The SciTS benchmark is itself a significant contribution—spanning 12 scientific domains, 7 task types, and multiple orders of magnitude in frequency, length, and dimensionality, it fills a critical gap in scientific time series evaluation.
The multi-patch expert routing design is elegant and effective: by constraining the number of encoded tokens to 100–200, it gracefully addresses the challenge of extreme length variation in scientific signals.
The finding that general LLMs generalize better than specialized models is noteworthy—suggesting that in data-scarce scientific domains, the pretrained knowledge encoded in LLMs is more valuable than specialized architectures.

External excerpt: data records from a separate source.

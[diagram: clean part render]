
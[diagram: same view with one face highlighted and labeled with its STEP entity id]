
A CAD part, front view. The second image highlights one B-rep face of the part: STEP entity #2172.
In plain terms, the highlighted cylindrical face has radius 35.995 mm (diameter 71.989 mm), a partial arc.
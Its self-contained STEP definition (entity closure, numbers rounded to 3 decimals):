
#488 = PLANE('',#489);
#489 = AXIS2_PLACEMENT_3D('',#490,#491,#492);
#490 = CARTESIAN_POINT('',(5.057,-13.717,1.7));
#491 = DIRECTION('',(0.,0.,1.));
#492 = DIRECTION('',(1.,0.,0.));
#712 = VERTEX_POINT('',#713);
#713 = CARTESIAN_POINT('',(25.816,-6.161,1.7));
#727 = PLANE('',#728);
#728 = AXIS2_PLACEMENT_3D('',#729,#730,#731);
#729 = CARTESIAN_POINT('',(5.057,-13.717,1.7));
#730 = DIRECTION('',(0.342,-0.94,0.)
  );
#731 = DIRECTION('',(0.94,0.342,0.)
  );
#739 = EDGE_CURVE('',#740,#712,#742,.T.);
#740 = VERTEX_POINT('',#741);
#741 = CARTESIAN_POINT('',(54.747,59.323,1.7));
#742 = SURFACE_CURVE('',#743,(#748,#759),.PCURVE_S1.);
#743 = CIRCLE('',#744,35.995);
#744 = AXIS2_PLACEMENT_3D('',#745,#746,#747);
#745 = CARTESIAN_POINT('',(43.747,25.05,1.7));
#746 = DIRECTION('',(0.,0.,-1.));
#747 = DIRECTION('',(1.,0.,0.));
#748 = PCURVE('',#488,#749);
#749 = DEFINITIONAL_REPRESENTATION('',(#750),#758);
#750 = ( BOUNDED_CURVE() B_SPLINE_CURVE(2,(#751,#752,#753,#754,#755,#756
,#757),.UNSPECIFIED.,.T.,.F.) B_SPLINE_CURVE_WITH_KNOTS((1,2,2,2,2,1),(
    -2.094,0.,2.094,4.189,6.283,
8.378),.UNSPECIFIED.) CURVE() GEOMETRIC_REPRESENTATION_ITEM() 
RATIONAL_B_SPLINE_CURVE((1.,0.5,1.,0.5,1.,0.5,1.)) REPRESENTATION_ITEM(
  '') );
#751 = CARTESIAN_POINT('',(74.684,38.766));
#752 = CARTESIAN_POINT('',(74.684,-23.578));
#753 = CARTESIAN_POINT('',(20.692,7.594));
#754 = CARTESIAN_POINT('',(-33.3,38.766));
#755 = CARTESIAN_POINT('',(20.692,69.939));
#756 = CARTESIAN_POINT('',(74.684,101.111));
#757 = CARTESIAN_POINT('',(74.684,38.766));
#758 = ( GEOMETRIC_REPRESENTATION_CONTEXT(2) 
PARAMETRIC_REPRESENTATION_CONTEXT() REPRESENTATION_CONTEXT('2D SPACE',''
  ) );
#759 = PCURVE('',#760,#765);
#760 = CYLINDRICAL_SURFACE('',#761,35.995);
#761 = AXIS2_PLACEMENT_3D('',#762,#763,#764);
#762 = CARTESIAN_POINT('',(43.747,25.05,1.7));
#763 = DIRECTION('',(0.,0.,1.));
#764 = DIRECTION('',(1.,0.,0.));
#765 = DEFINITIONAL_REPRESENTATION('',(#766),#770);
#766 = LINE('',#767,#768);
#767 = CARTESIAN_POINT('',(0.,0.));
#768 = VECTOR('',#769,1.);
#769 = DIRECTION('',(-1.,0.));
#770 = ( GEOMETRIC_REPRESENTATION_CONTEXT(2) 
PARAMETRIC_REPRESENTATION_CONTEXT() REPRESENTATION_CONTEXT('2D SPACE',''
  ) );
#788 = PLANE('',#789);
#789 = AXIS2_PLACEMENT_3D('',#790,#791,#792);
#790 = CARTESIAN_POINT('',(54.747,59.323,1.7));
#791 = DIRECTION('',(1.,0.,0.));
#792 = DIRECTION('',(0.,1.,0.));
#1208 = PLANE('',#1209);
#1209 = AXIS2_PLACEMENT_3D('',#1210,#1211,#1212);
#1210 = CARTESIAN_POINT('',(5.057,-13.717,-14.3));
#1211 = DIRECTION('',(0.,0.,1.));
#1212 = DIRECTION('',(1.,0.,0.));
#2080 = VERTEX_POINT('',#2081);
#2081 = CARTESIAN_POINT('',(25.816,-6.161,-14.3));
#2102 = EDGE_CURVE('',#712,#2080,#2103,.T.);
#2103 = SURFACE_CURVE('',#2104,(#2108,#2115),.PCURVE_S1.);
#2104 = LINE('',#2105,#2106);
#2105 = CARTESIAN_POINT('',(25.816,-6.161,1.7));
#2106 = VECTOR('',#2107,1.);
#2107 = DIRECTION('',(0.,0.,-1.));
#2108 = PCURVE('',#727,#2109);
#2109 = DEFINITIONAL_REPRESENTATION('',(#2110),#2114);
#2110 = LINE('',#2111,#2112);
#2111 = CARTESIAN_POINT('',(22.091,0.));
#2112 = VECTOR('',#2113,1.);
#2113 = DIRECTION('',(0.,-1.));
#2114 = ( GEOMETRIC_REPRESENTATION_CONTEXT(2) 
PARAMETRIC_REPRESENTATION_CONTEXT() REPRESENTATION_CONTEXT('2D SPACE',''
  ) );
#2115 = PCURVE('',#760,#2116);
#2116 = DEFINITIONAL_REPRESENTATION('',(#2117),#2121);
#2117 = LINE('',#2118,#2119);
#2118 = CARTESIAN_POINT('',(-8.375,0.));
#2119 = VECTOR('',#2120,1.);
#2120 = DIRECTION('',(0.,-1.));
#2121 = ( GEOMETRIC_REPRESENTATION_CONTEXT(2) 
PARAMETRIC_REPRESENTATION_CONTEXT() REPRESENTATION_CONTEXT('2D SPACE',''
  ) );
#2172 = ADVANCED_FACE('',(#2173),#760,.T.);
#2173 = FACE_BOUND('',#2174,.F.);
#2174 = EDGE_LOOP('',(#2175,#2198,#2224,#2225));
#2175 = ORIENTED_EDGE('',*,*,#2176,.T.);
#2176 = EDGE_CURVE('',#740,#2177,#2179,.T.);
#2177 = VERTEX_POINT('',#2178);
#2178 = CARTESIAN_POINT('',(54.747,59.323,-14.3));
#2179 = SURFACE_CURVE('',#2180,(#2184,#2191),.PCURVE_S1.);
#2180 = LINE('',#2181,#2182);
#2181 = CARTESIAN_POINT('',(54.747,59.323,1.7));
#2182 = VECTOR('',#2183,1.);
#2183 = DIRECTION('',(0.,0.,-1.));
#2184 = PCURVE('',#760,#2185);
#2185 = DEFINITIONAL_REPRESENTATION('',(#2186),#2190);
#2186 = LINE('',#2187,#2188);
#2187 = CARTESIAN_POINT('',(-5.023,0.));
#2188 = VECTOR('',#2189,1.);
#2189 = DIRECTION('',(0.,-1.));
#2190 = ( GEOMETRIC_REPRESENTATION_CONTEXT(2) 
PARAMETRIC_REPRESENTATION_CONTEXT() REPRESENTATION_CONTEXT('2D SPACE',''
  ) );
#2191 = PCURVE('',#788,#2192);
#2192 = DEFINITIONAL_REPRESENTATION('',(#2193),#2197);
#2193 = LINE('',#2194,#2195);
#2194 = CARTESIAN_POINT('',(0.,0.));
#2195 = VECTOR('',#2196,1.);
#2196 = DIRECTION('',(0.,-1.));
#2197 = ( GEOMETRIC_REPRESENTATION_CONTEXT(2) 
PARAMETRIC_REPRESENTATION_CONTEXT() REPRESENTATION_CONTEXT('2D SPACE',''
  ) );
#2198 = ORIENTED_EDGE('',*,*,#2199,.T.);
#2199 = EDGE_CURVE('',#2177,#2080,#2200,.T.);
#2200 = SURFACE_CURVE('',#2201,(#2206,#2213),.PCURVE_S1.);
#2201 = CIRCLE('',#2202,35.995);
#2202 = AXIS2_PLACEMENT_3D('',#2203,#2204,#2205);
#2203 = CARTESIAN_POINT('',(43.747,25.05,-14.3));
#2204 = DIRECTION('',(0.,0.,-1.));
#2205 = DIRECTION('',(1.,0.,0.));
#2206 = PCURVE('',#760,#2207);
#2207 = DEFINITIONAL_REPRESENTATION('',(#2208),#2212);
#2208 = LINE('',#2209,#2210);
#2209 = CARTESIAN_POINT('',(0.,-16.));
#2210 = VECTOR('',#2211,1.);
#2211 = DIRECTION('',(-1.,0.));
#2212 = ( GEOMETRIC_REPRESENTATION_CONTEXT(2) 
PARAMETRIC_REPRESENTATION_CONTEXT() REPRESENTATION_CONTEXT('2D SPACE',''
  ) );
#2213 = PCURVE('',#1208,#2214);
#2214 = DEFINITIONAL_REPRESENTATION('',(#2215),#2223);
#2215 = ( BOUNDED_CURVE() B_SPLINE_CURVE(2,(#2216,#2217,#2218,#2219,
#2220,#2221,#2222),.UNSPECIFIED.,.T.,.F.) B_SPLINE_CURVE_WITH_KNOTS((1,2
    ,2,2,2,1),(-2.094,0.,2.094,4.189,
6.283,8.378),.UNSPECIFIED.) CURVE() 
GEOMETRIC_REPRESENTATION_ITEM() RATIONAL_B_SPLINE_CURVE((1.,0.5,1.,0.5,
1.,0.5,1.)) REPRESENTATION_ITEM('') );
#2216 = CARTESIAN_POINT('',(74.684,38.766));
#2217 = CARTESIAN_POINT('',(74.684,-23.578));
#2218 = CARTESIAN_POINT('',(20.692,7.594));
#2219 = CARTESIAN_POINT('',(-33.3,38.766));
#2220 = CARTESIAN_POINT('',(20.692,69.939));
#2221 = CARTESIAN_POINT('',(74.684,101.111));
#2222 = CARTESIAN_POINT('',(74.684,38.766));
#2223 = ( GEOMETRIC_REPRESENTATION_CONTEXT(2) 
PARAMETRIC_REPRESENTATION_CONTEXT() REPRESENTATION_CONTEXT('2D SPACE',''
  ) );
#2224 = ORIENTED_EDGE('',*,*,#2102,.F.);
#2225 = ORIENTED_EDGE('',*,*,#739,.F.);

Limitations & Future Work¶

TimeOmni requires fine-tuning on SciTS; zero-shot generalization to scientific domains not covered by SciTS remains unverified.
Flattening multivariate signals into a single dimension may discard inter-channel correlation information.
Predefined fixed regression head sets for generation tasks limit flexibility.
The proportion and quality of synthetic data in the benchmark may affect the representativeness of evaluations.

vs. UniTS (Gao et al., 2024): UniTS also unifies question answering and forecasting, but its architecture is standalone and incompatible with LLM training; TimeOmni can be directly embedded within a general-purpose LLM.
vs. Time-MoE (Shi et al., 2025): Time-MoE employs MoE for time series forecasting but supports only forecasting tasks; TimeOmni covers 7 task types.
vs. SFE (Zhou et al., 2025): SFE uses an image-format scientific benchmark, sacrificing numerical precision; SciTS retains complete information by using the raw time series format.

Rating¶

Novelty: ⭐⭐⭐⭐ The benchmark contribution is outstanding; the TimeOmni methodology is somewhat incremental in its combinations.
Experimental Thoroughness: ⭐⭐⭐⭐⭐ Comprehensive comparison across 17 models, 43 tasks, and 12 domains.
Writing Quality: ⭐⭐⭐⭐ Clear structure with thorough benchmark description.
Value: ⭐⭐⭐⭐⭐ The SciTS benchmark holds long-term value for the scientific AI community.